13:09 pendingchaos: imirkin: isn't 1 << 11 here too little space for NVC0_CB_AUX_BINDLESS_INFO: https://cgit.freedesktop.org/mesa/mesa/tree/src/gallium/drivers/nouveau/nvc0/nve4_compute.c#n614 ?
14:24 kwizart: hi there, I have a nouveau DATA_ERROR I cannot decode using nouveau on armhfp for jetson tk1 on a 4.18.7-300.fc29 kernel (and fedora 29 userspace)
14:24 kwizart: nouveau 57000000.gpu: gr: DATA_ERROR 0000009c [] ch 2 [0400155000 gnome-shell[1007]] subc 0 class a297 mthd 0d78 data 00000004
14:24 kwizart: everything works with under Xorg
15:07 RSpliet: Is there a reason why the blob might not be emitting sin/cos instructions on Kepler?
15:14 RSpliet: Oh nm, that's the "sin()" vs. "native_sin()" OpenCL oddity
15:22 pendingchaos: imirkin: the (samples+2)>>2, samples > 2 thing sounds good
15:22 pendingchaos: I think I'll create a newer version with it
15:53 karolherbst: RSpliet: ;)
16:05 RSpliet: karolherbst: guess I can't blame the parboil devs falling for the same fallacy... but they do drop 60% perf on the floor there :-/
16:06 karolherbst: RSpliet: relaxed-math
16:07 karolherbst: RSpliet: -cl-fast-relaxed-math
16:07 RSpliet: It's hardly relaxed though...
16:07 karolherbst: == -cl-finite-math-only and -cl-unsafe-math-optimizations
16:07 karolherbst: -cl-finite-math-only : assume no NaN
16:07 karolherbst: -cl-unsafe-math-optimizations: all the other stuff :p
16:07 karolherbst: and breaks compliance
16:08 karolherbst: and makes mad == fma
16:08 RSpliet: The error bounds on native_sin() are for x in [-π,π], the maximum absolute error is 2^-21.41 ,and larger otherwise.
16:08 karolherbst: and stuff
16:08 karolherbst: I am sure that -cl-fast-relaxed-math gives you a _huge_ perf improvement
16:08 RSpliet: Whereas regular sin() has 2ULP max error
16:10 RSpliet: I get a 60% perf increase by writing "native_sin()" manually in the kernels, no need for compiler flags :-P
16:11 RSpliet: Thing is, I'm not *that* interested in performance, I care about the instruction mix. And having 666 instructions in an 840 instruction program just to perform an ever-so-slightly-higher-precision sin/cos doesn't sound relevant to what I wish to extract from the benchmarks.

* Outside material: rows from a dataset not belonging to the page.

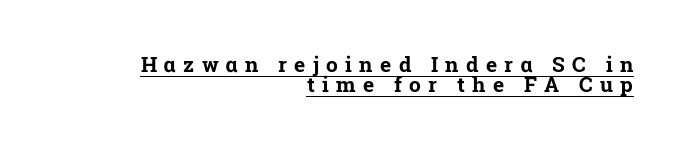
{"italic": "no", "bold": "yes", "underline": "yes", "align": "right", "line_spacing": "tight", "line_spacing_ratio": 0.97, "letter_spacing": "wide", "letter_spacing_em": 0.35, "glyph_px": 21}
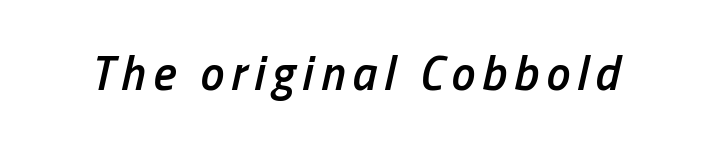
{"italic": "yes", "lean": "right", "slant_degrees": 13, "bold": "semi", "weight": "semibold", "width": "condensed", "stroke_contrast": "low", "x_height": "medium", "monospaced": "no", "underline": "no", "glyph_px": 48}
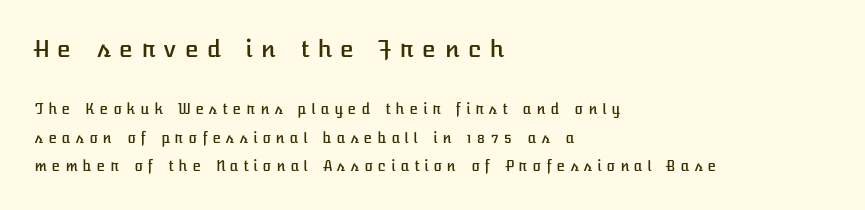
Visually, the top section dominates because its glyphs are scaled up. What stands out about the letter spacing? Its width — letters are far apart. Ascenders rise straight up at ninety degrees. Vertically, the passage feels expansive, rows floating well apart.
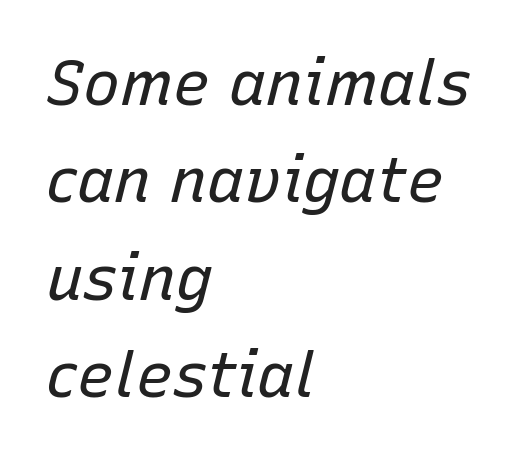
Q: Is the text bold? A: No.
Q: Is the text italic (slanted)? A: Yes, it leans right by about 15 degrees.
Q: Is the text underlined? A: No.
Q: How is the paragraph aligned? A: Left-aligned.
Q: Is the spacing between letters normal or unusually wide? A: Normal.
Q: Is the spacing between lines tight, normal or loose? A: Normal.
Q: Width (condensed, normal, or wide)? A: Normal.
Q: Stroke contrast? A: Low.
Q: x-height? A: Medium.
Q: Monospaced? A: No.
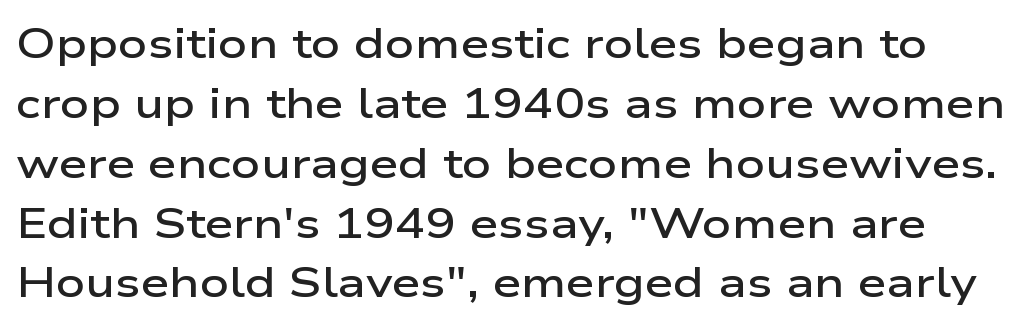
Q: Is the text bold? A: Semi-bold.
Q: Is the text italic (slanted)? A: No, it is upright.
Q: Is the typeface a serif or a sans-serif typeface? A: Sans-serif.
Q: Is the text underlined? A: No.
Q: Is the spacing between letters normal or unusually wide? A: Normal.
Q: Is the spacing between lines tight, normal or loose? A: Normal.
Q: Width (condensed, normal, or wide)? A: Wide.
Q: Stroke contrast? A: Low.
Q: x-height? A: Medium.
Q: Monospaced? A: No.
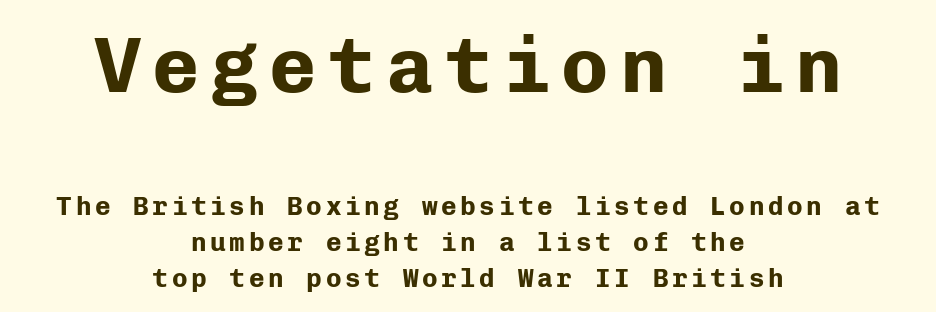
The image shows 79 px bold sans-serif type, upright, monospaced; set centered, normal line spacing (1.39x), not underlined; the first (top) block is 3.04x larger; low stroke contrast and a medium x-height.
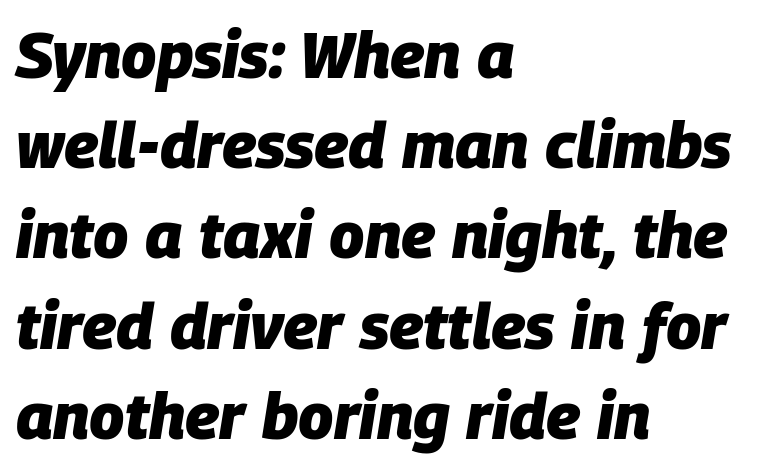
Set as a true bold cut, around the 700 mark. Yep, that's italic — everything's leaning. Which margin do the lines hug? The left one — the right edge is uneven. Check under the words: just untouched page. The rendering keeps characters at their native spacing.
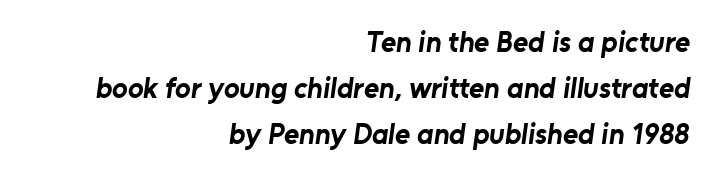
Q: Is the text bold? A: Yes.
Q: Is the typeface a serif or a sans-serif typeface? A: Sans-serif.
Q: Is the text underlined? A: No.
Q: How is the paragraph aligned? A: Right-aligned.
Q: Is the spacing between letters normal or unusually wide? A: Normal.
Q: Is the spacing between lines tight, normal or loose? A: Normal.
Q: Width (condensed, normal, or wide)? A: Normal.
Q: Stroke contrast? A: Low.
Q: x-height? A: Medium.
Q: Monospaced? A: No.

16:25 karolherbst: :p I see
16:25 RSpliet: That being said, unsafe-math-opts gives a pretty similar effect to manually using the native_sin()/native_cos() operations
16:26 RSpliet: Whoa what happened here...
16:26 RSpliet: 00000300: e0001de7 4003ffff B bra 0x300
16:26 RSpliet: ^ that location is supposed to contain sched codes :')
16:32 RSpliet: This instruction should never be reached, as the preceding instruction is an exit, but still... nasty!